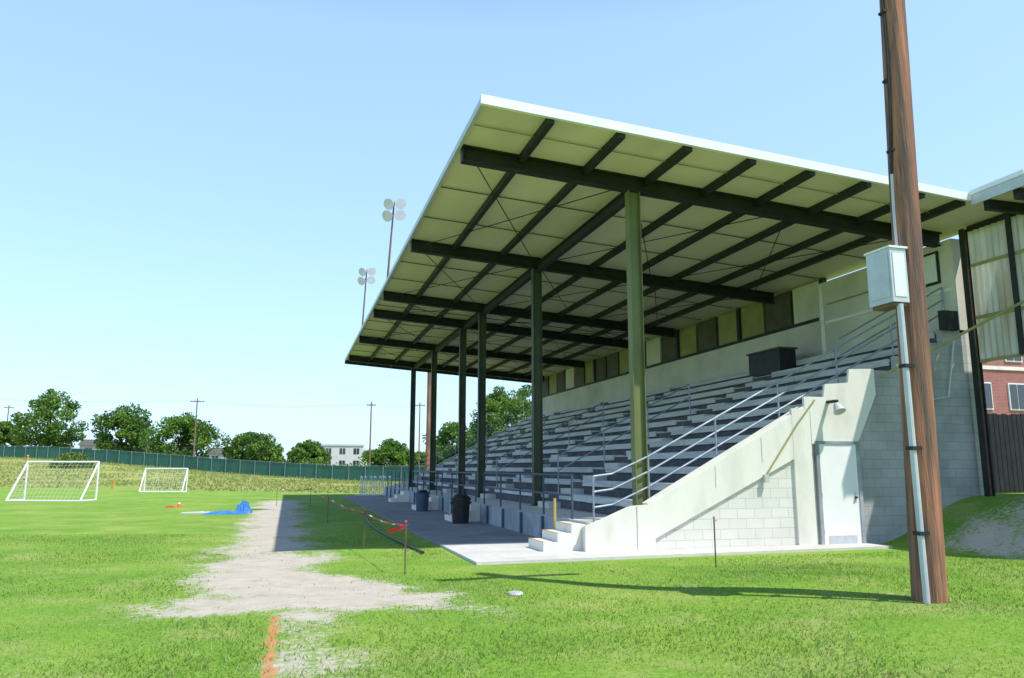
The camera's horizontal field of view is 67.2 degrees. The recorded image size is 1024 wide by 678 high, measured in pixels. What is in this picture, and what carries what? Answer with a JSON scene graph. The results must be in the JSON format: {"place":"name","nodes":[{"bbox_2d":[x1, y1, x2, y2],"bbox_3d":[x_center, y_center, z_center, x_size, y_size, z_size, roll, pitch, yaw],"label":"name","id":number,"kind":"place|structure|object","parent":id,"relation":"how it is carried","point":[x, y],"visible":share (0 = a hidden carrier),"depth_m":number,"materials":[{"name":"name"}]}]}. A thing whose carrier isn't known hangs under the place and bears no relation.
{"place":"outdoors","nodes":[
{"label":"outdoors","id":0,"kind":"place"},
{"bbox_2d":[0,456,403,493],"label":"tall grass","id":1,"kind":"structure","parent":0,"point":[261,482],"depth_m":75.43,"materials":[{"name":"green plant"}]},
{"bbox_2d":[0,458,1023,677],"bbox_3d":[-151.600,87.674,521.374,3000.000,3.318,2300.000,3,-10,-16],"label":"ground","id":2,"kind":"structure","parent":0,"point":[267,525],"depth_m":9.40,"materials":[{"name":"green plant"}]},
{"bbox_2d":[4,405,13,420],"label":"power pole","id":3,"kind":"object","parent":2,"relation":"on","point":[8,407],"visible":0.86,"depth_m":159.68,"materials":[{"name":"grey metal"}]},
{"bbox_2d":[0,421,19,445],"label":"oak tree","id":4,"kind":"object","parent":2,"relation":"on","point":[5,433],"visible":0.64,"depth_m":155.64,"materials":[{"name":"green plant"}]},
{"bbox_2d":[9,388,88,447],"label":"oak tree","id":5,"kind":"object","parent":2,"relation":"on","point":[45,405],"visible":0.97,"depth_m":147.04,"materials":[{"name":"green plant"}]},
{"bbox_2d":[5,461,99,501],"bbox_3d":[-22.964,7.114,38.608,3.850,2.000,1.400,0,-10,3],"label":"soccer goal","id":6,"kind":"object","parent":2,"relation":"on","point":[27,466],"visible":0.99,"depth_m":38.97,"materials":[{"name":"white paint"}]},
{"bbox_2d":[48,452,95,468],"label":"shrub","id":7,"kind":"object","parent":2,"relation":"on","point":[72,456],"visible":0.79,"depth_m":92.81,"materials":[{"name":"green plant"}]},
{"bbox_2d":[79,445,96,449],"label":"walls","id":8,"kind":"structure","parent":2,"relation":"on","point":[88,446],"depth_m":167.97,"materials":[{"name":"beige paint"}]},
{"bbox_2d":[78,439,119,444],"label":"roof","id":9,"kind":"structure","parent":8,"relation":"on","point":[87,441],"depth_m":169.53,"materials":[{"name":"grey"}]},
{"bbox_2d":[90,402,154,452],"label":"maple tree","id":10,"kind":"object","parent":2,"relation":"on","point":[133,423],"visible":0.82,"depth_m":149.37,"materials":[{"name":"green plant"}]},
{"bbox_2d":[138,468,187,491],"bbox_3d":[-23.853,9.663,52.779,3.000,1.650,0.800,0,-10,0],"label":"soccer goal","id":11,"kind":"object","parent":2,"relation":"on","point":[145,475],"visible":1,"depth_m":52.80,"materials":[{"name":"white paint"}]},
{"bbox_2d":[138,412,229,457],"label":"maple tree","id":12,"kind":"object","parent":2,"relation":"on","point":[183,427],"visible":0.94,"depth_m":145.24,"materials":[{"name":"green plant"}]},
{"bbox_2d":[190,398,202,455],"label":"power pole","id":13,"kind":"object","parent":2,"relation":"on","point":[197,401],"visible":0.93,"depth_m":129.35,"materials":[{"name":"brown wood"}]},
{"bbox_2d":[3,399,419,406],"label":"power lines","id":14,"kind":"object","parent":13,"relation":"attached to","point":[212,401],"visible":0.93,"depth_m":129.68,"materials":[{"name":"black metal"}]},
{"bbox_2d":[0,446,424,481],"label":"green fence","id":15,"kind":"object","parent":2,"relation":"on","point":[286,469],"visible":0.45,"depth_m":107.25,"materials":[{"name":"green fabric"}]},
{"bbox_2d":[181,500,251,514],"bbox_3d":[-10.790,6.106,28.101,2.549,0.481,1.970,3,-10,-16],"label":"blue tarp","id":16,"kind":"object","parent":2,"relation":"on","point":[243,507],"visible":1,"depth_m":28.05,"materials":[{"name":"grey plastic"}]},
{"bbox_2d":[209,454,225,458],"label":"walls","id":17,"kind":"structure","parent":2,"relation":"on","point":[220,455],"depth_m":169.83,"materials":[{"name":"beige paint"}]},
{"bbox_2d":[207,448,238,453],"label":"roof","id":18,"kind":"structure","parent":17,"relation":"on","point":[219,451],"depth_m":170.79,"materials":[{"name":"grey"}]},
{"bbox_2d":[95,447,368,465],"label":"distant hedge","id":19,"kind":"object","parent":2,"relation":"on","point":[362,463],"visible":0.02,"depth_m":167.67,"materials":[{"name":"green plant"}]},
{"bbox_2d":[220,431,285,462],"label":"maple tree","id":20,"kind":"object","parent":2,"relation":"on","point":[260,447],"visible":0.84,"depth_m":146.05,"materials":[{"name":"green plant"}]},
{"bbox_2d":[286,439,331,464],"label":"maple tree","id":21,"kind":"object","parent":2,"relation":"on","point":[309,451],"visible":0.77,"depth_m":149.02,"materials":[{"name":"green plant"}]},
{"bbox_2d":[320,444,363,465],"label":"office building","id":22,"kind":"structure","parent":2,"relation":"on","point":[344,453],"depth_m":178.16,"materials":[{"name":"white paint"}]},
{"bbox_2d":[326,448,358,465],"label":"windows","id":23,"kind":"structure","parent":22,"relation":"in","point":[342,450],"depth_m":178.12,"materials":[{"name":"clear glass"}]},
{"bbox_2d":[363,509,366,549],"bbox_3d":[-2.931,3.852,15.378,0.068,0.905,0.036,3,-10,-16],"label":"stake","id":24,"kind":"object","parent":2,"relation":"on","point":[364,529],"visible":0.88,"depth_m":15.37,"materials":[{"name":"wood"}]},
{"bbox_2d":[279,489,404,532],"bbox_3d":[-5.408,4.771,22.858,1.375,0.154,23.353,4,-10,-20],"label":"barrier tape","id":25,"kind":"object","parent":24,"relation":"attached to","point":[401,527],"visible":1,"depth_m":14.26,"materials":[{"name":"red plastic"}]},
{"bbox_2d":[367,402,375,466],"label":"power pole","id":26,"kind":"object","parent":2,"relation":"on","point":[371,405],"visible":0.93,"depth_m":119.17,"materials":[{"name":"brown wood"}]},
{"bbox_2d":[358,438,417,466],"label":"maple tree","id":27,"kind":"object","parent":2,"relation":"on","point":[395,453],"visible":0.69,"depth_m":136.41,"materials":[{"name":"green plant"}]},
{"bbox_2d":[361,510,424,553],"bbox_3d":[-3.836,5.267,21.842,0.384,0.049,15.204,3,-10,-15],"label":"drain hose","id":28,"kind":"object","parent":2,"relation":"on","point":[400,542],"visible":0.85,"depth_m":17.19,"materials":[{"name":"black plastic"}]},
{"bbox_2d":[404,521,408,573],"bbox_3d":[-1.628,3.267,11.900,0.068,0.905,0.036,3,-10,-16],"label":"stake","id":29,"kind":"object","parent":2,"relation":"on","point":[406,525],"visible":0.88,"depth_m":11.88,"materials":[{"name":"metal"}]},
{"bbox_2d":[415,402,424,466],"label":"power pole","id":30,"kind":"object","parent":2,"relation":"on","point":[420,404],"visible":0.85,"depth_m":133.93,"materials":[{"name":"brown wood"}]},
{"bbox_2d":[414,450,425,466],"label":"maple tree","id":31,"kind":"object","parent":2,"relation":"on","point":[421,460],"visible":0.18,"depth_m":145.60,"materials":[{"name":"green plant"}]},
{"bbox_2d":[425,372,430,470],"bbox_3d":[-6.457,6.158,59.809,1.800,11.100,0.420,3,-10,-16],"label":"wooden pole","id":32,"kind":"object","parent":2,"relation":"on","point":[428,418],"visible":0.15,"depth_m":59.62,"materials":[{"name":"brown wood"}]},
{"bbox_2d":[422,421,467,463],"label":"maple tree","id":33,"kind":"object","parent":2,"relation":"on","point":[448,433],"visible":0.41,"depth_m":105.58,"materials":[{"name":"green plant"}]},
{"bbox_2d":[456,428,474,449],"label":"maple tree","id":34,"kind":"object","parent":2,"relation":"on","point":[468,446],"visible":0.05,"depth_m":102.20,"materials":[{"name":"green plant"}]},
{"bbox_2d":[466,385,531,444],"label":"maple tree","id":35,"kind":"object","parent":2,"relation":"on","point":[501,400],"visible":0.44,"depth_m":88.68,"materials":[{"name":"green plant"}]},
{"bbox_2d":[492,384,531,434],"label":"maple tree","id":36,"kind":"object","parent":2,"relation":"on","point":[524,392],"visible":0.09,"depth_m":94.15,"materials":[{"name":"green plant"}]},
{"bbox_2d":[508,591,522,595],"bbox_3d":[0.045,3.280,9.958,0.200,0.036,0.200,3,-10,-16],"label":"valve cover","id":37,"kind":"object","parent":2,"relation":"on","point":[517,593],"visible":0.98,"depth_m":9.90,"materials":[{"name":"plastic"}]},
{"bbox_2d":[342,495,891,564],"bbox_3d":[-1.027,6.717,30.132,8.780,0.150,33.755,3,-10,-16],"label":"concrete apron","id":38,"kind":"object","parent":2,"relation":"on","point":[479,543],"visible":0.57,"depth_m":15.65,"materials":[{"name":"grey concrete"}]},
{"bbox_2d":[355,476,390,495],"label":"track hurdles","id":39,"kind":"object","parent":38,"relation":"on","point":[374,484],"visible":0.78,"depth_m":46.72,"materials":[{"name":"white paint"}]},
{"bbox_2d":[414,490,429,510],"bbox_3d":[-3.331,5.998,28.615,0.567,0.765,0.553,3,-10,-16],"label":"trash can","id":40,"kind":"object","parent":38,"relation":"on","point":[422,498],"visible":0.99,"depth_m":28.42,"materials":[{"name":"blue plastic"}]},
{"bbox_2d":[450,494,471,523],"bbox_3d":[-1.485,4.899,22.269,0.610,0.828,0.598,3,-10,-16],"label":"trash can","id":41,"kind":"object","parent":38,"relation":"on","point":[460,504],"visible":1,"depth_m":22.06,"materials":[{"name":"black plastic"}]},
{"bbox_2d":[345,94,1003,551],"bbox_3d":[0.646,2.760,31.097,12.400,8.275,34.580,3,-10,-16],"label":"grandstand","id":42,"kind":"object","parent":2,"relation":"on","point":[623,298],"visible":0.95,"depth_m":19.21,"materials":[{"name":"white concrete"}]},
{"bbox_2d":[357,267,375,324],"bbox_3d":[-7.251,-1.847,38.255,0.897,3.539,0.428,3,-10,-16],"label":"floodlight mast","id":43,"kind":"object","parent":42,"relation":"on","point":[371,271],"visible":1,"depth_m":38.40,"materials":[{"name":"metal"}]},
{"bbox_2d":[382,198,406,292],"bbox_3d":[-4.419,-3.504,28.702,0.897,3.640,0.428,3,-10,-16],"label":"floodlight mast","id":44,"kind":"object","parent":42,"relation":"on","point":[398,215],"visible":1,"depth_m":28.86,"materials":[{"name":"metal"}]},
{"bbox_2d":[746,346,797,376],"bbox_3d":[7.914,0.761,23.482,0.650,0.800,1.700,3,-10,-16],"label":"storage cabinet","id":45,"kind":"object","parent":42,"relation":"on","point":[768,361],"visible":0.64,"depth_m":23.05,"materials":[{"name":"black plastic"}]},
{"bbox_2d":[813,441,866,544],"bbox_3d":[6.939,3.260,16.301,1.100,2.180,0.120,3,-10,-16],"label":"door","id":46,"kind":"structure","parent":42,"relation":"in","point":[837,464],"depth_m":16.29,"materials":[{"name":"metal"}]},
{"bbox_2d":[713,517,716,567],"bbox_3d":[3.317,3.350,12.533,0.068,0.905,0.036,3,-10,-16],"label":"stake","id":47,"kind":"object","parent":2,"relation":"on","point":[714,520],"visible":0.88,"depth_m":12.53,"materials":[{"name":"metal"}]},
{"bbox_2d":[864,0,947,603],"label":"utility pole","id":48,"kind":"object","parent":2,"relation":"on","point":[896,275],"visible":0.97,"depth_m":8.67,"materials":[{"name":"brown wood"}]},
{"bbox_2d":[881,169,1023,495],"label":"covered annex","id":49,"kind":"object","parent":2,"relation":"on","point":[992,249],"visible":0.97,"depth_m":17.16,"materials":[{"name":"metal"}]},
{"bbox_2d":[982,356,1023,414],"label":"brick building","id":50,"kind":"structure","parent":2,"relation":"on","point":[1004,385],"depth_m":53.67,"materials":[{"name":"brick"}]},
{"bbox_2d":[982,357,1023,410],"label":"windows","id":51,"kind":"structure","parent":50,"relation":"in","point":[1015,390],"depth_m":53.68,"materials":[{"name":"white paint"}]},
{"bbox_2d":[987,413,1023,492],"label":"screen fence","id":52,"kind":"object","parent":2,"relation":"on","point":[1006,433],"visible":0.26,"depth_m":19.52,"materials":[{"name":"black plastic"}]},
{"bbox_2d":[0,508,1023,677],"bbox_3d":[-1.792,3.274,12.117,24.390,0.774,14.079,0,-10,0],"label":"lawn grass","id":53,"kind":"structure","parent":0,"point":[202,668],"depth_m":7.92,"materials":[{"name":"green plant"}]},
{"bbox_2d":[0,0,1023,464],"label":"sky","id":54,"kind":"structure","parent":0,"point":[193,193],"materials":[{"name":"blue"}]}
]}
--------------------------------------------------
• _Problem description_: Run a filter over the data above and keep each line that contains the word "walls".

• _Finished exercise_:
{"bbox_2d":[79,445,96,449],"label":"walls","id":8,"kind":"structure","parent":2,"relation":"on","point":[88,446],"depth_m":167.97,"materials":[{"name":"beige paint"}]},
{"bbox_2d":[209,454,225,458],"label":"walls","id":17,"kind":"structure","parent":2,"relation":"on","point":[220,455],"depth_m":169.83,"materials":[{"name":"beige paint"}]},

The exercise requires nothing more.